Stored dataset items

⁂

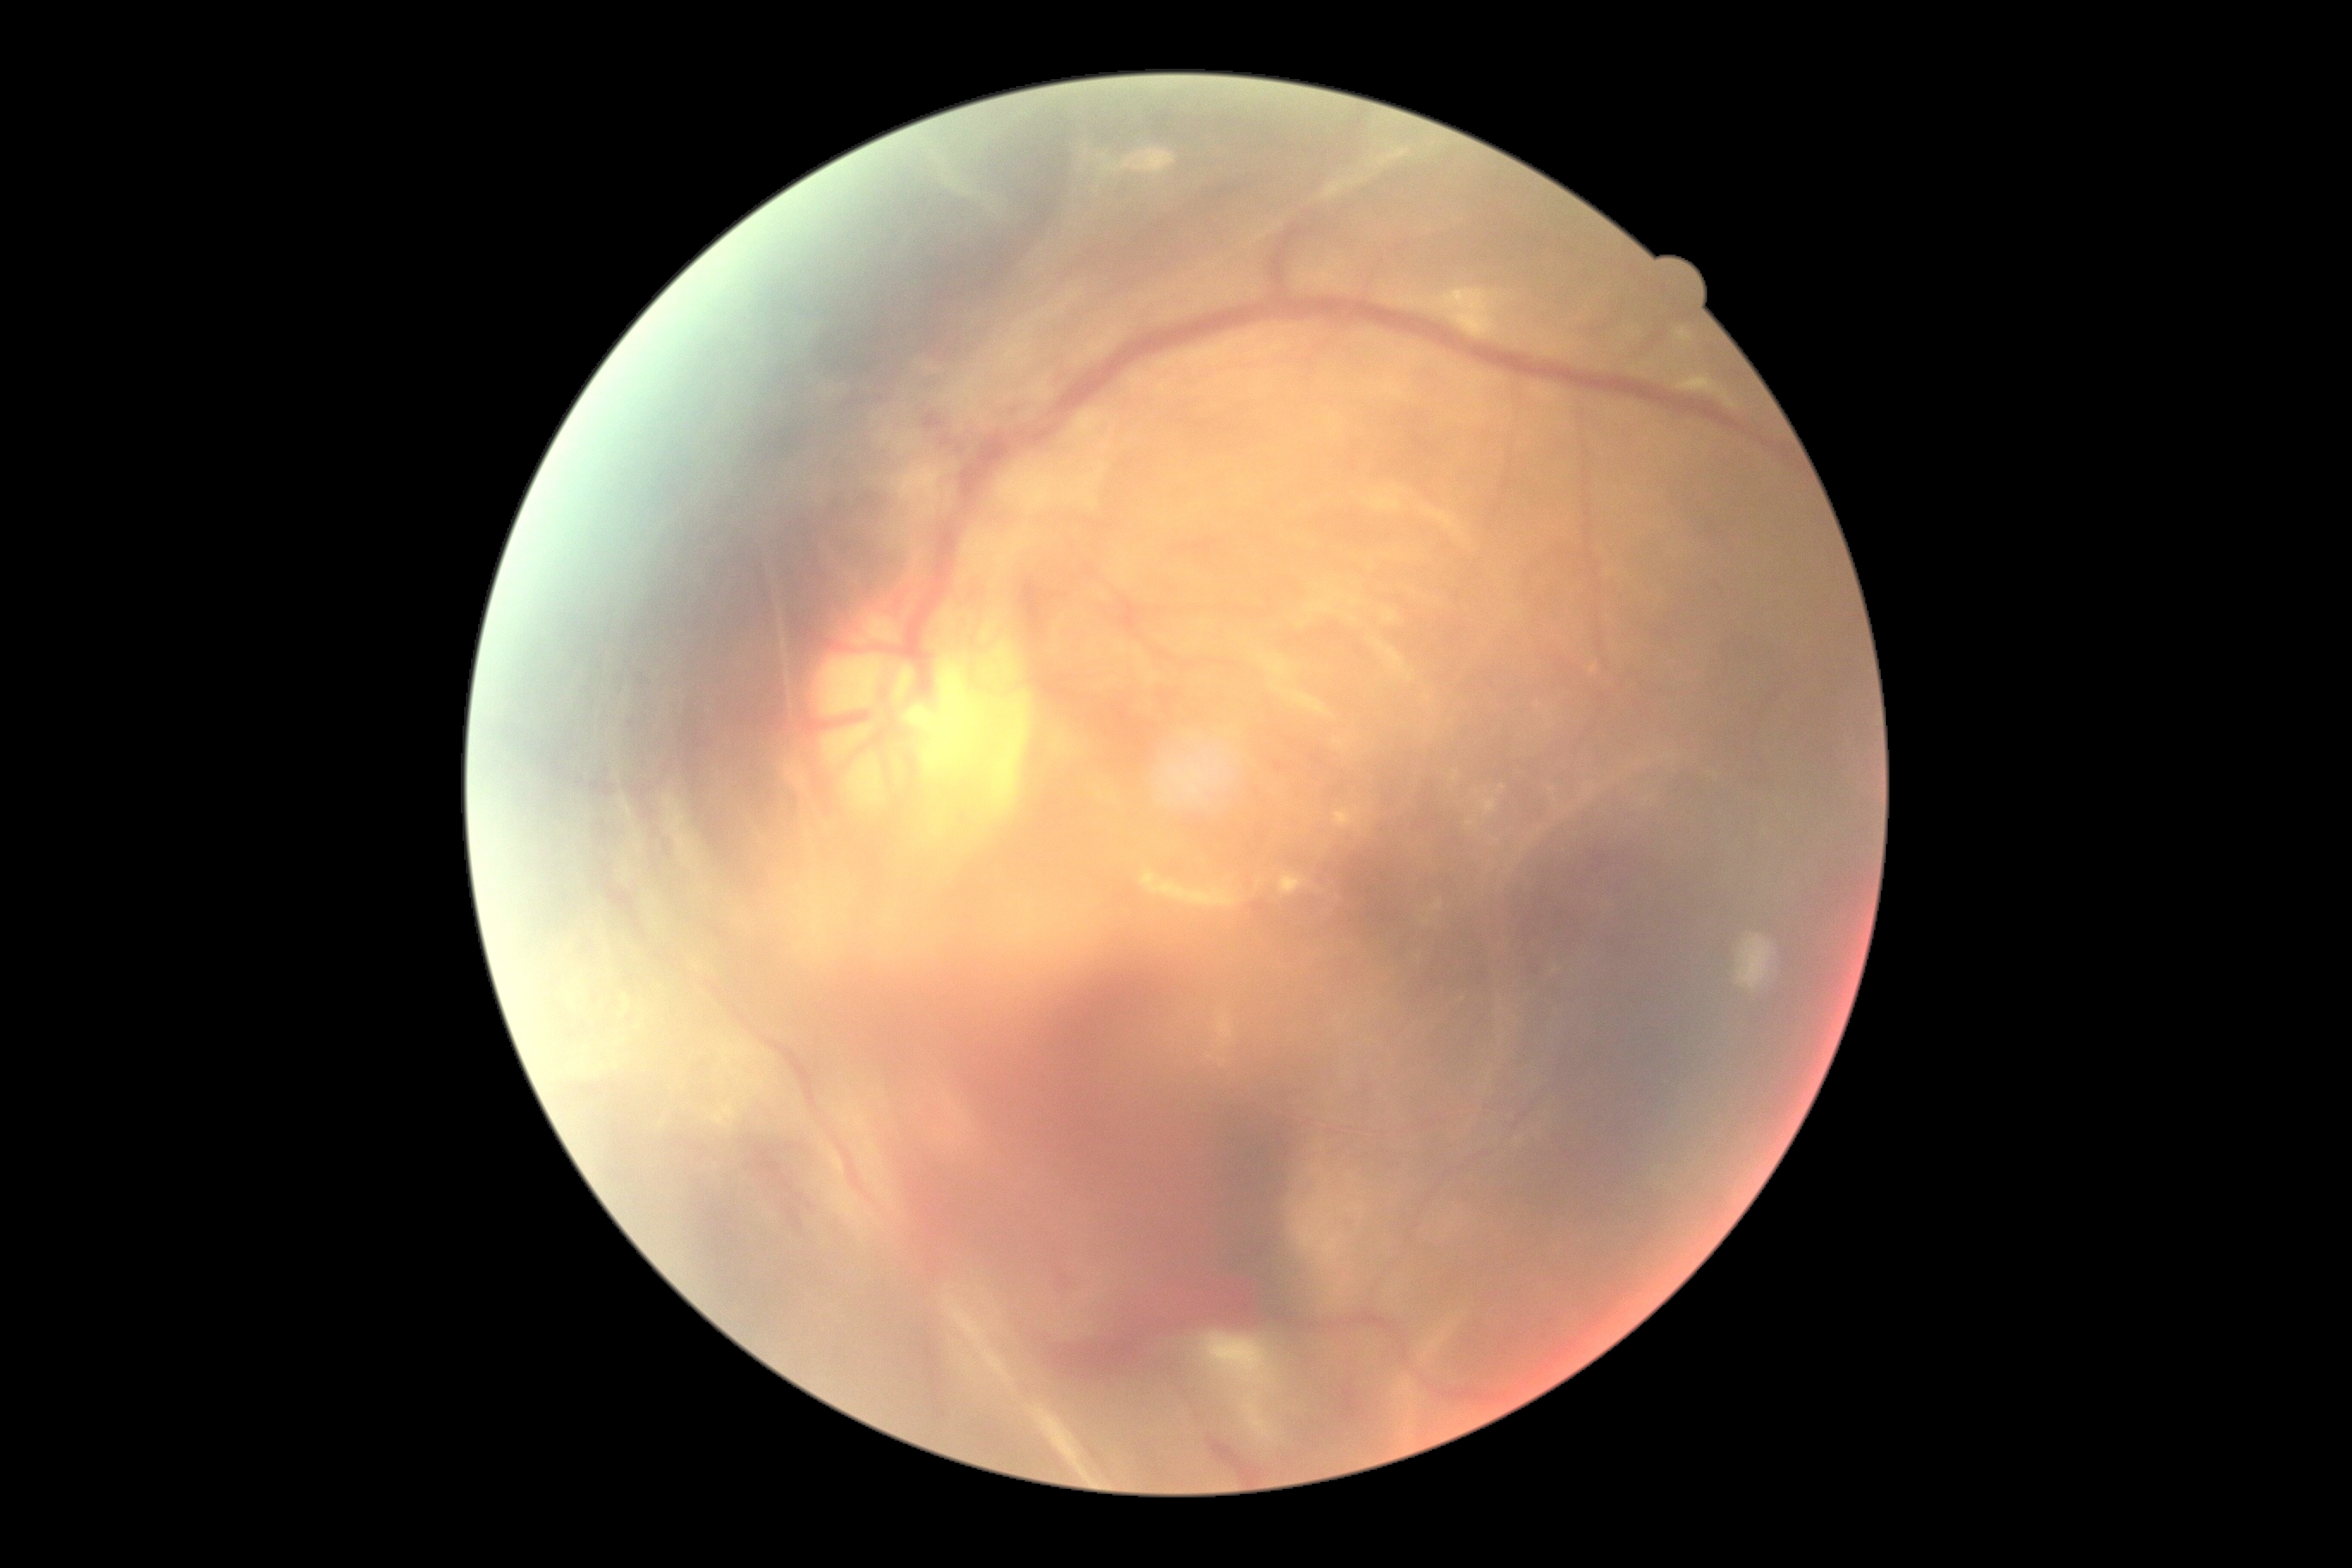
DR severity: 4
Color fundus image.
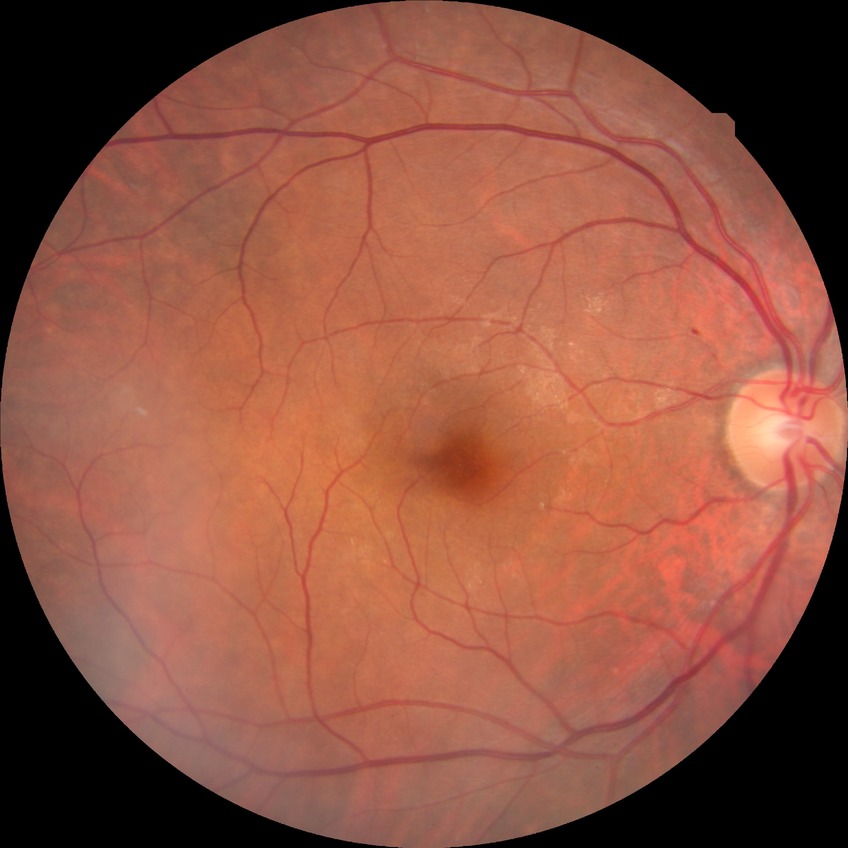

Davis grading: simple diabetic retinopathy.
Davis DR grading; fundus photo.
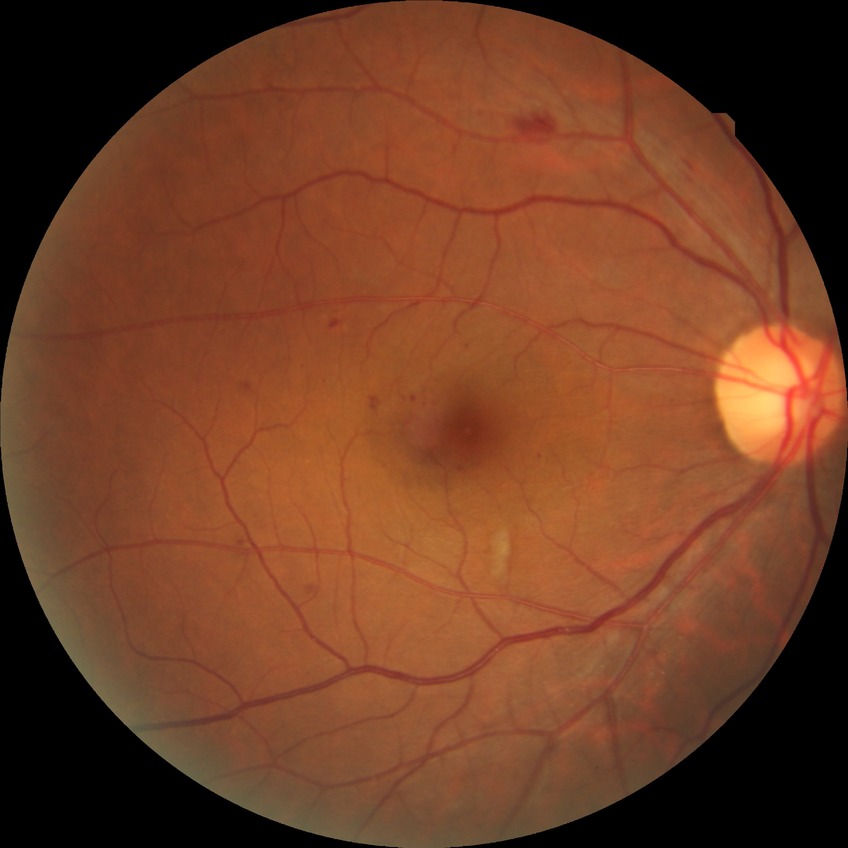 Diabetic retinopathy (DR): SDR (simple diabetic retinopathy).
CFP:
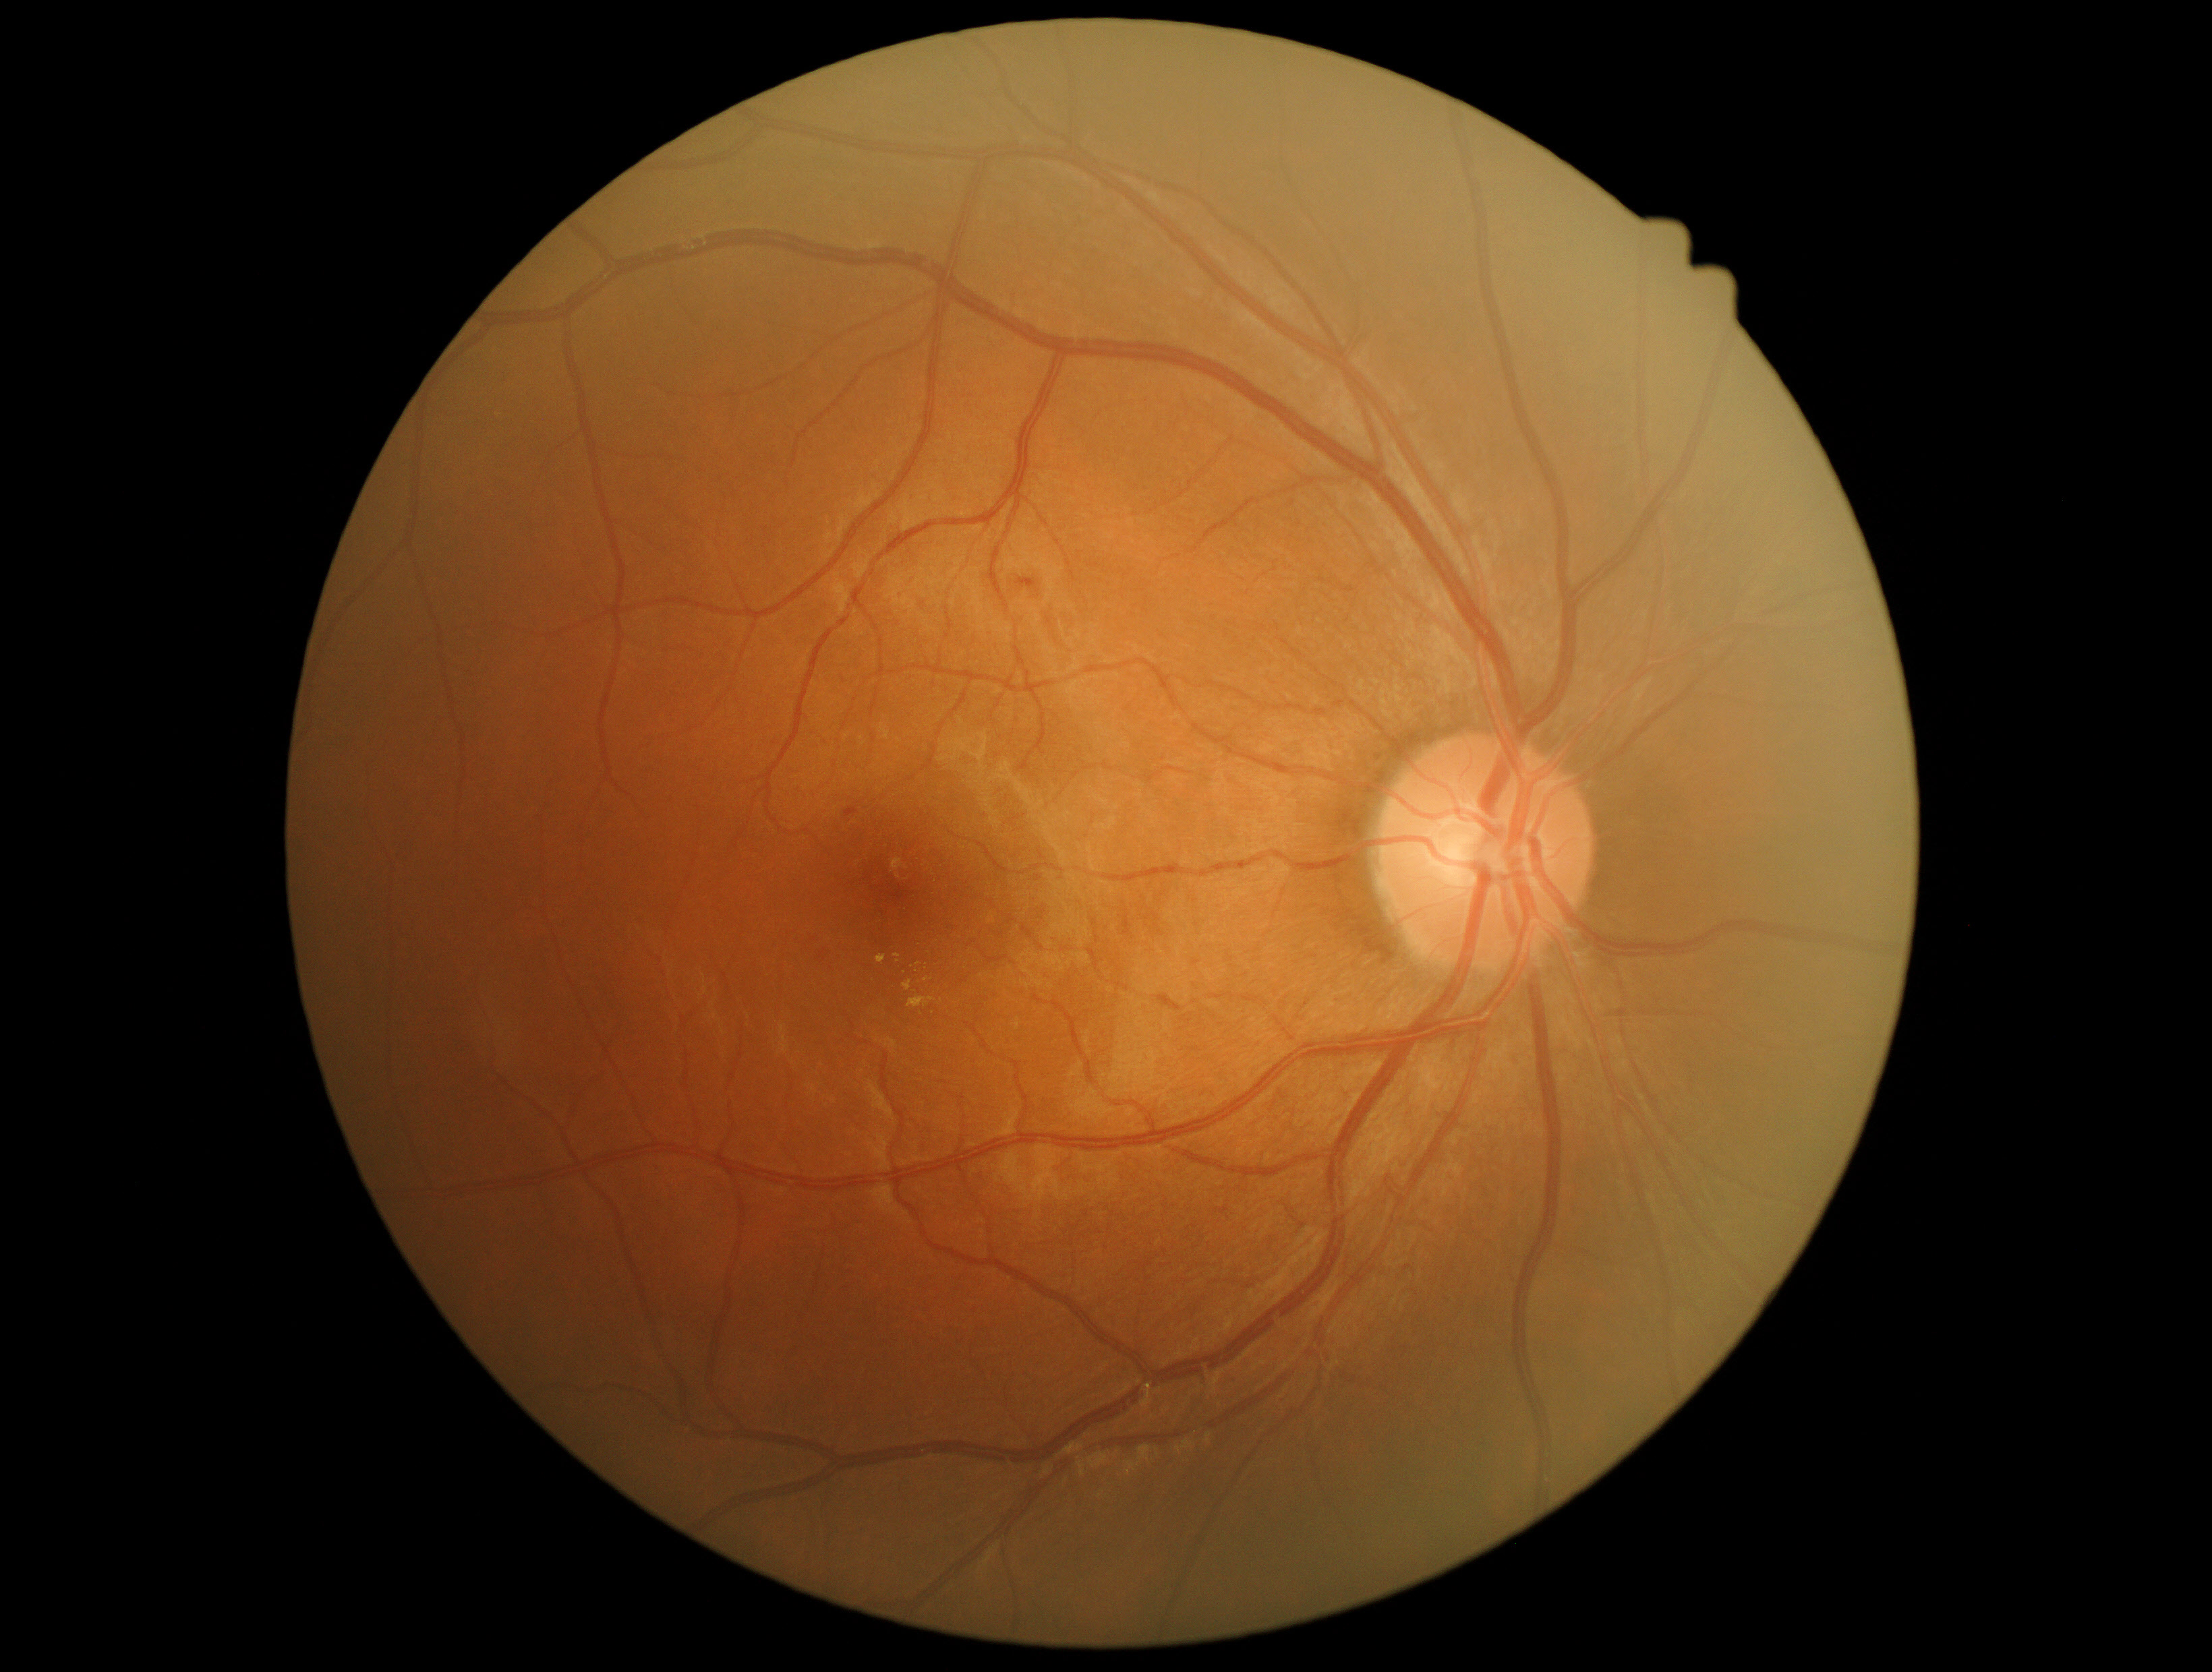 {
  "dr_grade": "2"
}
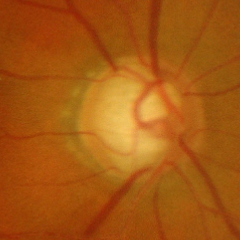 Q: What is the glaucoma diagnosis?
A: Advanced-stage glaucoma.

⁂

Task: Across the entries above, work out how many lines include the string "fundus", and report only that figure.

Answer to this task: 2